Doutor em Educação: História, Política e Sociedade (PUC/SP); professor titular aposentado em Economia Política da Educação (UFF); professor no Programa de Pós-Graduação em Políticas Públicas e Formação Humana (PPFH-UERJ)
Este texto, cujo objetivo é, de forma breve e sucinta, expor as situação conjuntural da Educação Básica no Brasil, sintetiza algumas análises de pesquisas recentes, em grande parte divulgadas em trabalhos mais extensos ou em texto em coautoria com Maria Ciavatta e Marise Ramos.
No ideário da revolução burguesa no século XVIII, a escola básica, hoje entendida no Brasil como Ensino Fundamental e Médio, era concebida como a instituição que deveria garantir, como direito social e subjetivo, o acesso universal, público, gratuito e laico ao conhecimento e ao patrimônio cultural da sociedade. Esse legado permitiria às sucessivas gerações uma dupla cidadania: política e econômica. No primeiro caso, a garantia da participação ativa na vida política e social; no segundo, a inserção qualificada no processo produtivo que permitisse a autonomia na construção de seu futuro.
O fato de a revolução burguesa não abolir a sociedade cindida em classes sociais, mas apenas produzir uma nova estrutura de classes, garantiu apenas parcialmente esse ideário. O que se afirmou é uma estrutura dual de escolarização, reservando à classe trabalhadora uma formação instrumental e de cunho adestrador. Entretanto, nas nações em que as relações de força entre classes e frações de classe colimaram a forma clássica de revolução burguesa a maioria dos cidadãos, mesmo de modo diferenciado, atingiu a escolaridade básica, mediação necessária à dupla cidadania.

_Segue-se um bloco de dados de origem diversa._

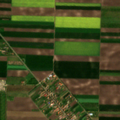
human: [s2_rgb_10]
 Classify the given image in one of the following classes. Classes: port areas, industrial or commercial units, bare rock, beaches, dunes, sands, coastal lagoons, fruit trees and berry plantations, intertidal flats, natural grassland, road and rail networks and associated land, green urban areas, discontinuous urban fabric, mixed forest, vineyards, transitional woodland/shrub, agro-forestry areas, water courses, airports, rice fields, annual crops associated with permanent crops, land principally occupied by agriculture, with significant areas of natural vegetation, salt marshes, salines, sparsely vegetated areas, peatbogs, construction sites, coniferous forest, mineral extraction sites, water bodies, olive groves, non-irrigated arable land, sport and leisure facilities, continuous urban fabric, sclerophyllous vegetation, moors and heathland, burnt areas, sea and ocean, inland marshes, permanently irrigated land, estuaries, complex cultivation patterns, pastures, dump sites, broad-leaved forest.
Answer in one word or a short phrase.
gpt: discontinuous urban fabric, non-irrigated arable land, complex cultivation patterns
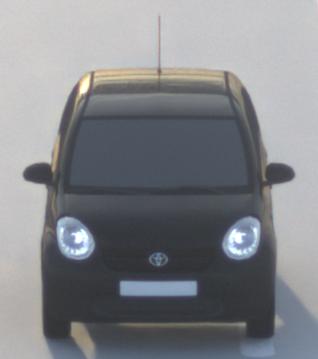
Make: Toyota
Model: Passo
Detailed model: Toyota Passo X Yururi
Model produced from: 2010
Model produced until: 2016
Doors: 5
Color: black
Road condition: dry road
Daytime: sunrise or sunset
Contrast: low contrast
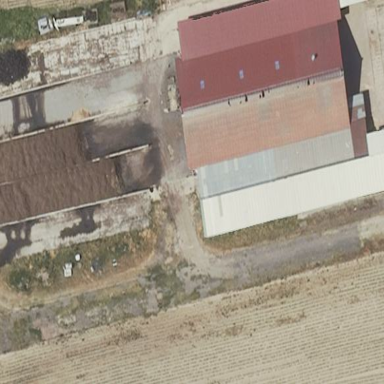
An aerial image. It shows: Farmyard area.
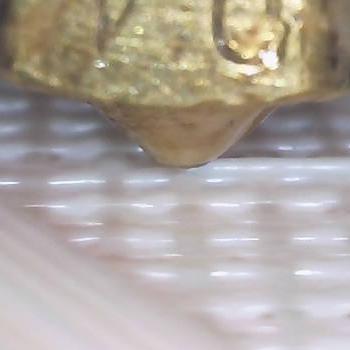
Flow rate: 66%
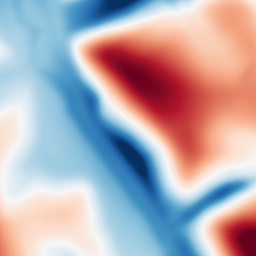
Category: multiscale
Decomposition family: dog
Decomposition parameters: sigma_low: 5
sigma_high: 50
Upsampling method: sinc_hamming
Upsampling parameters: scale: 2
kernel_size: 16
Upsampling scale: 2
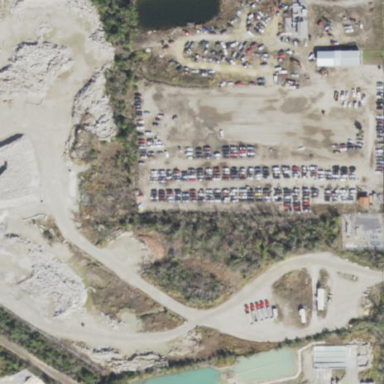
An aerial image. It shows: Industrial area designated as scrap yard.
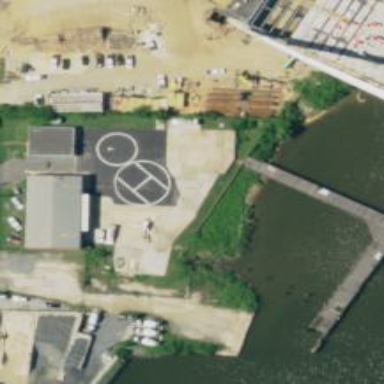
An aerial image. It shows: Image of helipad at airport.
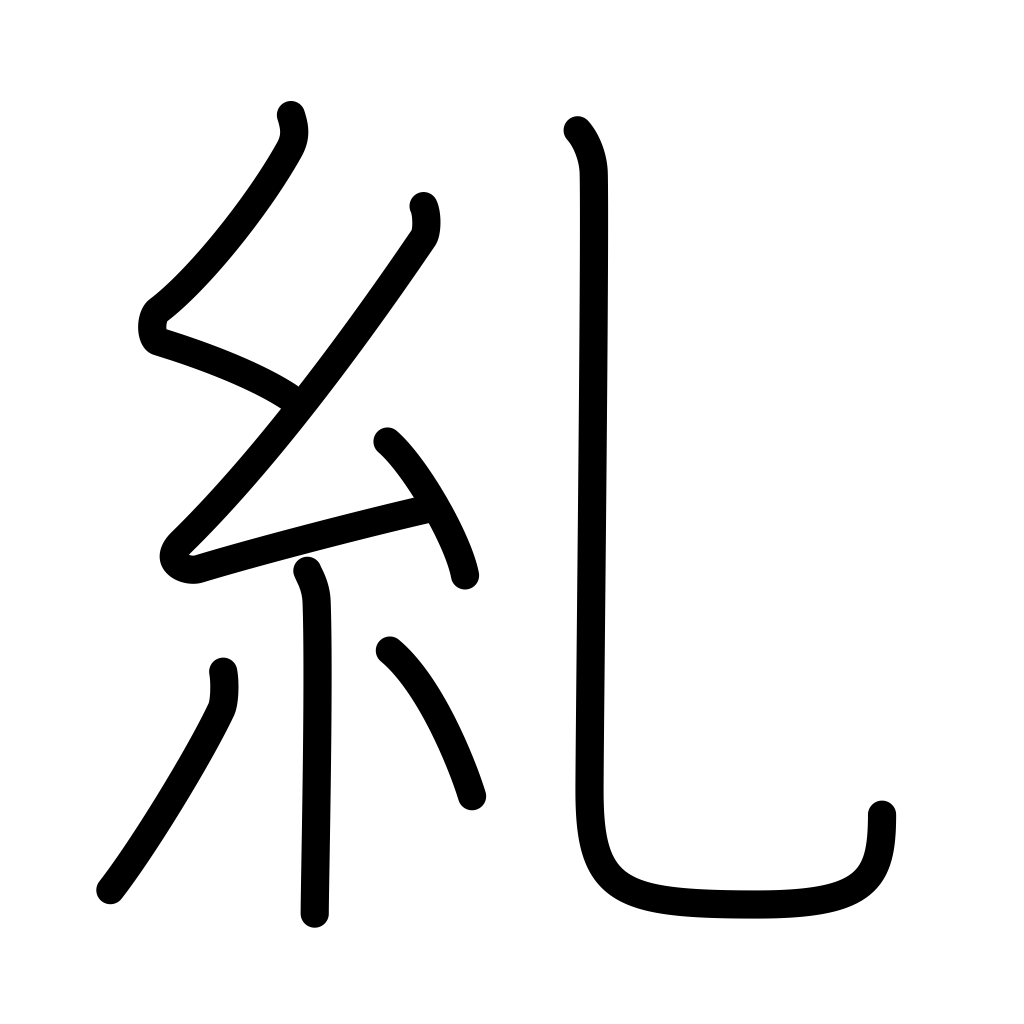
Meaning: ask, investigate, verify
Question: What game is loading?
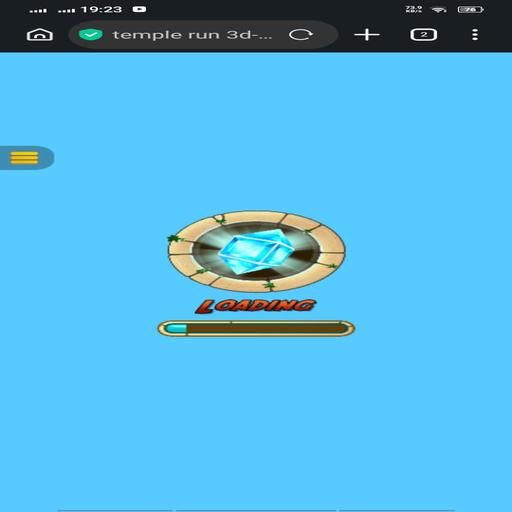
Answer: Temple Run 3D
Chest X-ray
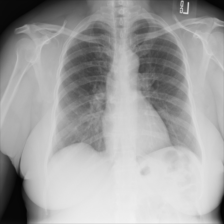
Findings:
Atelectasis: negative
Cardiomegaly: negative
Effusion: negative
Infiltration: negative
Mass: negative
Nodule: negative
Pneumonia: negative
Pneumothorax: negative
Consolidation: negative
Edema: negative
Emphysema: negative
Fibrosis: negative
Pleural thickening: negative
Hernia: negative
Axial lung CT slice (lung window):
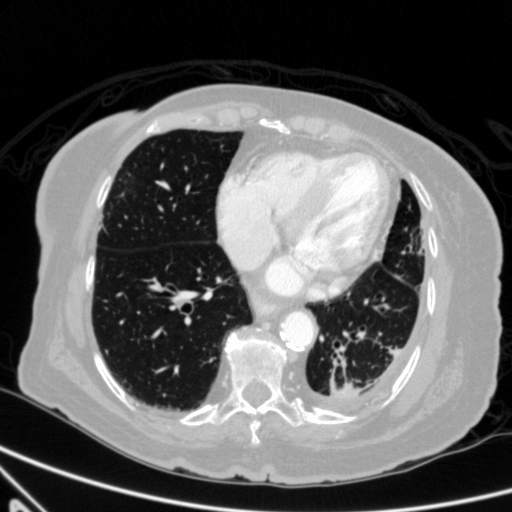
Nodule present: no
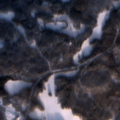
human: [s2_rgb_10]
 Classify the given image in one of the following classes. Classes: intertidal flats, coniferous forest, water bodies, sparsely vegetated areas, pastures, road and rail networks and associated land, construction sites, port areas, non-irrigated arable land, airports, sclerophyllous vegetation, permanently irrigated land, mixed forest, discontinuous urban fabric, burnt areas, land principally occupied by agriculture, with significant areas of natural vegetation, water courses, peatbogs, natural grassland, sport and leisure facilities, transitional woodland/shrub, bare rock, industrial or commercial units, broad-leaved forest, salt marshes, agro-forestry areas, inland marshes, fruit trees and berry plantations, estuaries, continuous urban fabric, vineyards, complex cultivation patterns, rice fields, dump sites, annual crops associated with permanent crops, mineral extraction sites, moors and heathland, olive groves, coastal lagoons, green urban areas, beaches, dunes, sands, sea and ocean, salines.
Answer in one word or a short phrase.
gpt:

O que espanta e causa estranheza para quem busque entender a sociedade brasileira é que chegamos à segunda década do século XXI situados entre as sete maiores economias, mas mantendo a reiterada negação ao direito à Educação Básica completa para a maioria, quando não na persistência da produção do analfabetismo. Essa negação incide justamente sobre a grande maioria de jovens e adultos que, pelo seu trabalho de geração a geração, produziu essa riqueza.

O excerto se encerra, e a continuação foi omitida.